# Data records:
■ ■ ■

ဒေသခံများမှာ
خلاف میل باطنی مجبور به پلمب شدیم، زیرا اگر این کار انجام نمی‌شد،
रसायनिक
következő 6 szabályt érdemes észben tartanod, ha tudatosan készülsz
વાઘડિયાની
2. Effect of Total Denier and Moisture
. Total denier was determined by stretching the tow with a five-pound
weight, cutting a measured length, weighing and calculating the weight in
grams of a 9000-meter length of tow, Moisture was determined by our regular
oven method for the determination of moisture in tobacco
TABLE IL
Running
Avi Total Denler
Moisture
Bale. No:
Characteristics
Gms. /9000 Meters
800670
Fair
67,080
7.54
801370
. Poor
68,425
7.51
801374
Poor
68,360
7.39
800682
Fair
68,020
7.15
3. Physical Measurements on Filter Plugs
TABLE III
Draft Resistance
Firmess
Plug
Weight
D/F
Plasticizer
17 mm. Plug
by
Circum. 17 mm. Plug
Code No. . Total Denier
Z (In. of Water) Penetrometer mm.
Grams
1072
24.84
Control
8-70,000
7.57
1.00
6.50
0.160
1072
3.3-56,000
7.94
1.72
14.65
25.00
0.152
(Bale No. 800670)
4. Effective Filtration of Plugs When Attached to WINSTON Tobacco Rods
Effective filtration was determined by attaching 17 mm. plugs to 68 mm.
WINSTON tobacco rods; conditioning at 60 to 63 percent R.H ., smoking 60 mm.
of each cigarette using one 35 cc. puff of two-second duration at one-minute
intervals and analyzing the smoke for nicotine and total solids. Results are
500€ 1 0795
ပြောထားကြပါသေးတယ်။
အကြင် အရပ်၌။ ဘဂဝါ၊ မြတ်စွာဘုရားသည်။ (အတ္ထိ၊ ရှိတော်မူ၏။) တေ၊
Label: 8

■ ■ ■

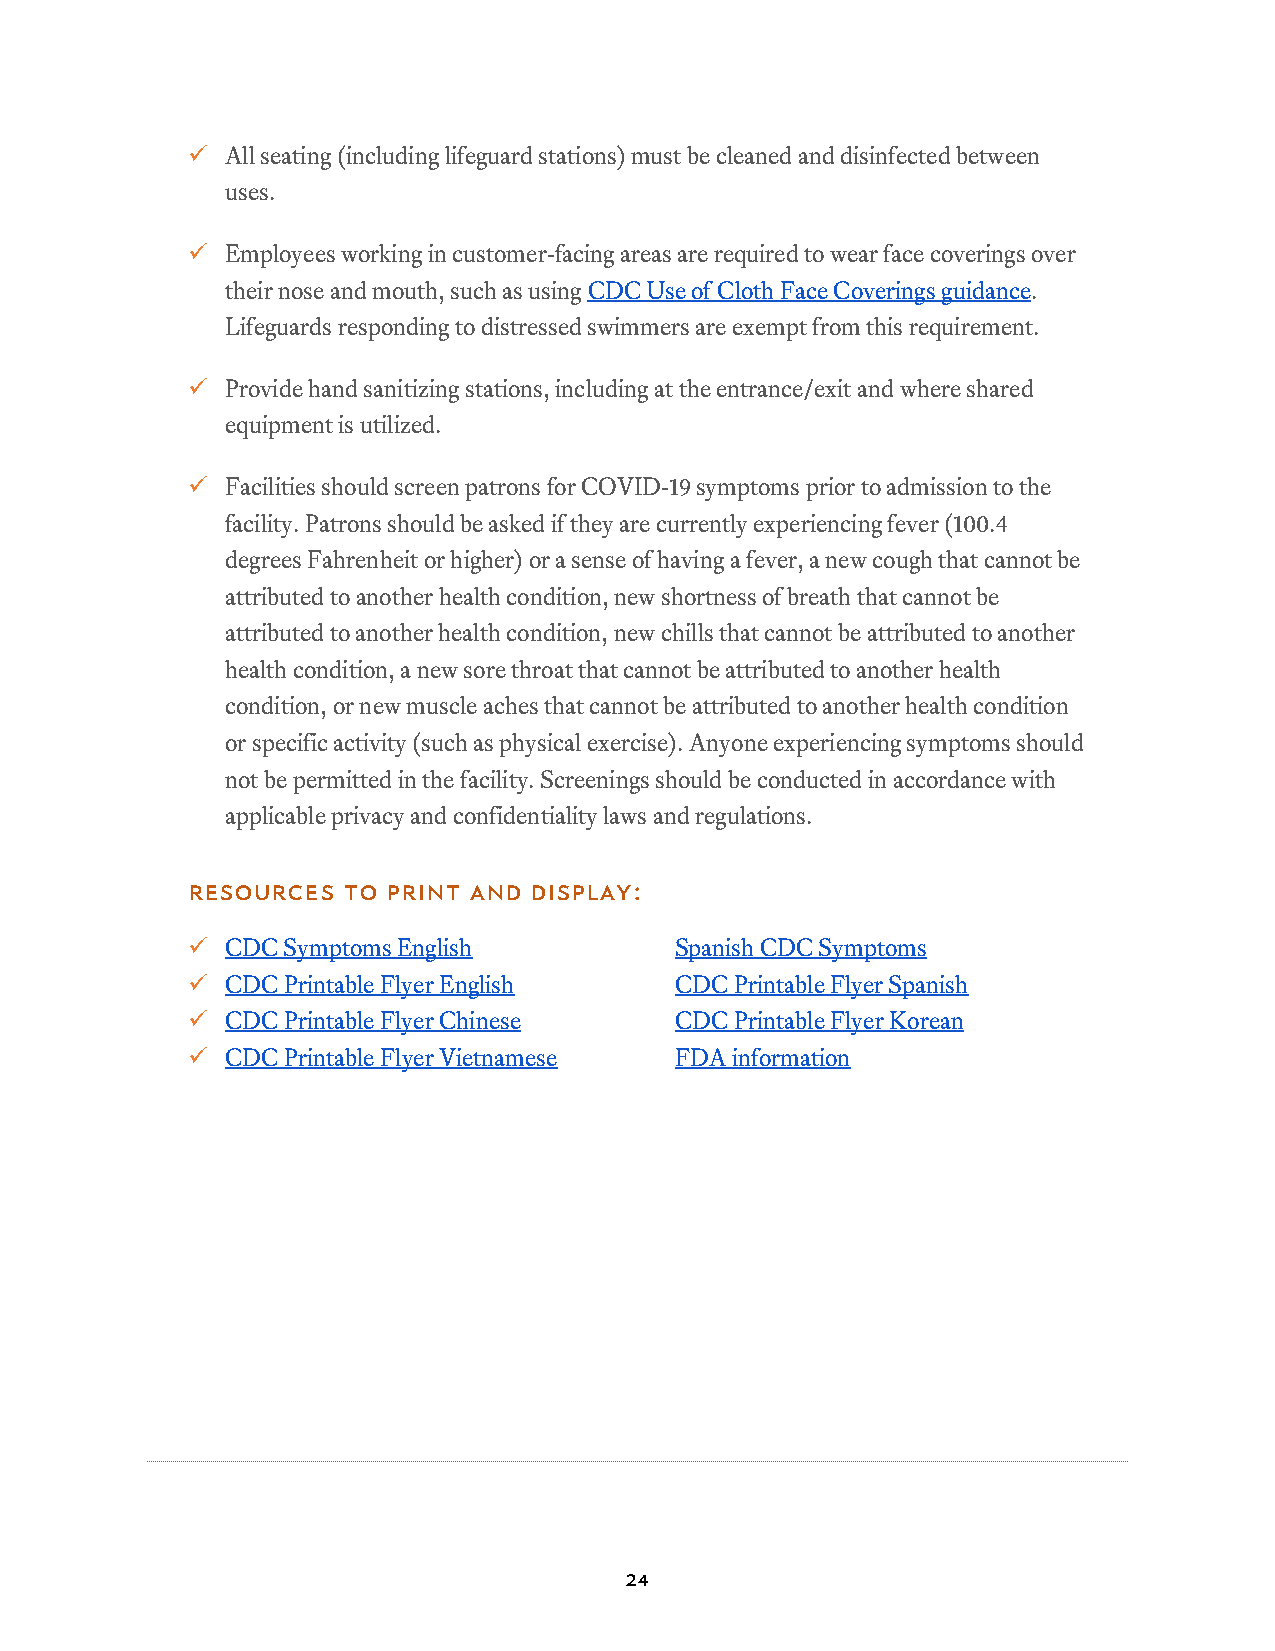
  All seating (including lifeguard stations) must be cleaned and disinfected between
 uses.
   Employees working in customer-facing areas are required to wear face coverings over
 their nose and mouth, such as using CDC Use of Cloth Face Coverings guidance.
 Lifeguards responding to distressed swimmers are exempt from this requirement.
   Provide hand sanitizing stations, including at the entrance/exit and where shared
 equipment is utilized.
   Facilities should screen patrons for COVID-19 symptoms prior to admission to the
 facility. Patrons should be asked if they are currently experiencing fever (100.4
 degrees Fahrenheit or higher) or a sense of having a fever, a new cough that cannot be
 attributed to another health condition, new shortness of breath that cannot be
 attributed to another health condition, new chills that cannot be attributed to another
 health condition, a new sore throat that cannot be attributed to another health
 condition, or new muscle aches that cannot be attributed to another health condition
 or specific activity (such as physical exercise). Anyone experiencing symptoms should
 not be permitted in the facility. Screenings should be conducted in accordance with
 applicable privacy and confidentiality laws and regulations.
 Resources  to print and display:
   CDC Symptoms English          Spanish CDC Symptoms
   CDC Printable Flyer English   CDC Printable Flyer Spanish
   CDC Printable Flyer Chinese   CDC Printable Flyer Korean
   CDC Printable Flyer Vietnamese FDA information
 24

■ ■ ■

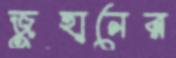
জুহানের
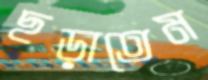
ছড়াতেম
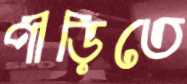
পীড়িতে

■ ■ ■

# Action item:
Pick out the lines above that hold the string "length" and show them.

# Exercise result:
weight, cutting a measured length, weighing and calculating the weight in
grams of a 9000-meter length of tow, Moisture was determined by our regular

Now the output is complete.